O Benfica já exigiu uma investigação para se descobrir a origem dos e-mails e requereu ainda a abertura de um processo por violação de correspondência privada, assim como ações ao presidente portista, Pinto da Costa, e à administração do FC Porto, por alegado "crime económico", por posse de informação comercial.

Já a Polícia Judiciária está também a investigar a forma como os e-mails foram obtidos pelo clube da Invicta.

A investigação da PJ segue vários parâmetros: se os e-mails foram obtidos de forma ilegítima para tentar perceber se houve um crime de acesso ilegítimo e ainda apurar a questão da investigação desses mesmos e-mails. Se o acesso foi ilegítimo e a divulgação não foi consentida, pode configurar um crime de revelação de correspondência.

Na investigação de corrupção desportiva, será preciso que o Ministério Público valide o conteúdo dos e-mails como prova. Se o acesso for ilegítimo, é pouco provável que o Ministério Público o faça.

Perante a incógnita, o diretor de comunicação do FC Porto explicou como teve acesso à alegada correspondência eletrónica. Francisco J. Marques disse a correspondência eletrónica chegou até às suas mãos através de um e-mail de "um contacto".

"O Polvo Encarnado"

As acusações do FC Porto ao Benfica, no caso dos e-mails, passaram da televisão para livro.

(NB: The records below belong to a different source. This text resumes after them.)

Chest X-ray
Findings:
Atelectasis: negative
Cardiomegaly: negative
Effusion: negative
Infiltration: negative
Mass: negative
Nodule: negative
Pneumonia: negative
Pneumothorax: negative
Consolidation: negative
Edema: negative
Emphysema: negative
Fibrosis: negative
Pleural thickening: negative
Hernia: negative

Francisco J. Marques em coautoria com Diogo Faria, comentador do Porto Canal, escreveram um livro com o título "O Polvo Encarnado". O tema do livro é o Benfica e os autores prometeram novas revelações que comprovam a alega influência do Benfica no funcionamento do futebol português.

Na apresentação do livro, que aconteceu a meio de novembro, o diretor de comunicação do Porto explicou que o livro sistematizava as situações que envolviam o Benfica no futebol português.

Contra-ataque mediático?

A 20 de novembro, o Benfica lançou uma novidade que podia ser lida como um contra-ataque ao FC Porto, que usou o Universo Porto para revelar os alegados e-mails.

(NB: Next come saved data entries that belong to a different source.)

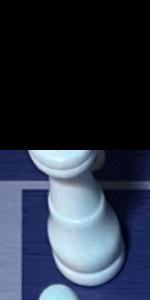
Label: King_White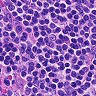
Metastatic tissue present: no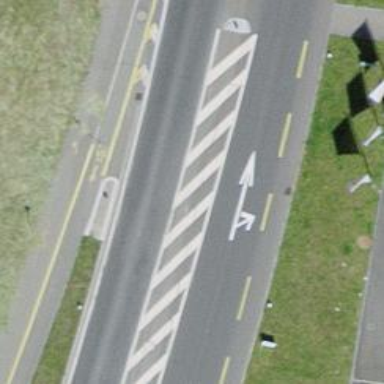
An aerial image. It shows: Secondary road with designated cycle lane on the left.

O programa "Chama Imensa" foi lançado na BTV, prometendo a revelação dos "nomes do novo Apito Dourado". O programa serviria para fazer a "divulgação pública e denúncia de quem lidera as reuniões, os nomes e quem é quem" na estrutura criada pelos dragões.

De acordo com o comunicado oficial do Benfica para apresentar o programa, era o FC Porto quem liderava a rede de corrupção no setor da arbitragem "no tempo do Apito Dourado" e continuava agora a liderar e a "usar os mesmos métodos".

Durante o primeiro programa "Chama Imensa", o Benfica associou os nomes dos árbitros Luís Ferreira e Vítor Ferreira ao alegado esquema de corrupção que envolve o FC Porto. Perante a situação, os dois árbitros avançaram com uma queixa-crime contra o Benfica.

O caso Piriquito

A meio de novembro, a Federação Portuguesa de Futebol anunciou ter feito uma denúncia à Polícia Judiciária e à Procuradoria-Geral da República da alegada partilha de documentos internos do organismo com pessoas externas. Isto aconteceu depois de ter sido noticiado que Pedro Guerra, afeto ao Benfica, terá recebido documentos internos da Federação, através de Horácio Piriquito, membro do Conselho Fiscal do organismo.

Por consequência, o membro do Conselho Fiscal da Federação Portuguesa de Futebol demitiu-se. No entanto, Horácio Piriquito garantiu que não passou qualquer documento confidencial a Pedro Guerra. No final de novembro, o Ministério Público confirmou que foi instaurado um inquérito a Horácio Piriquito, por alegada partilha de documentos internos do organismo com pessoas externas.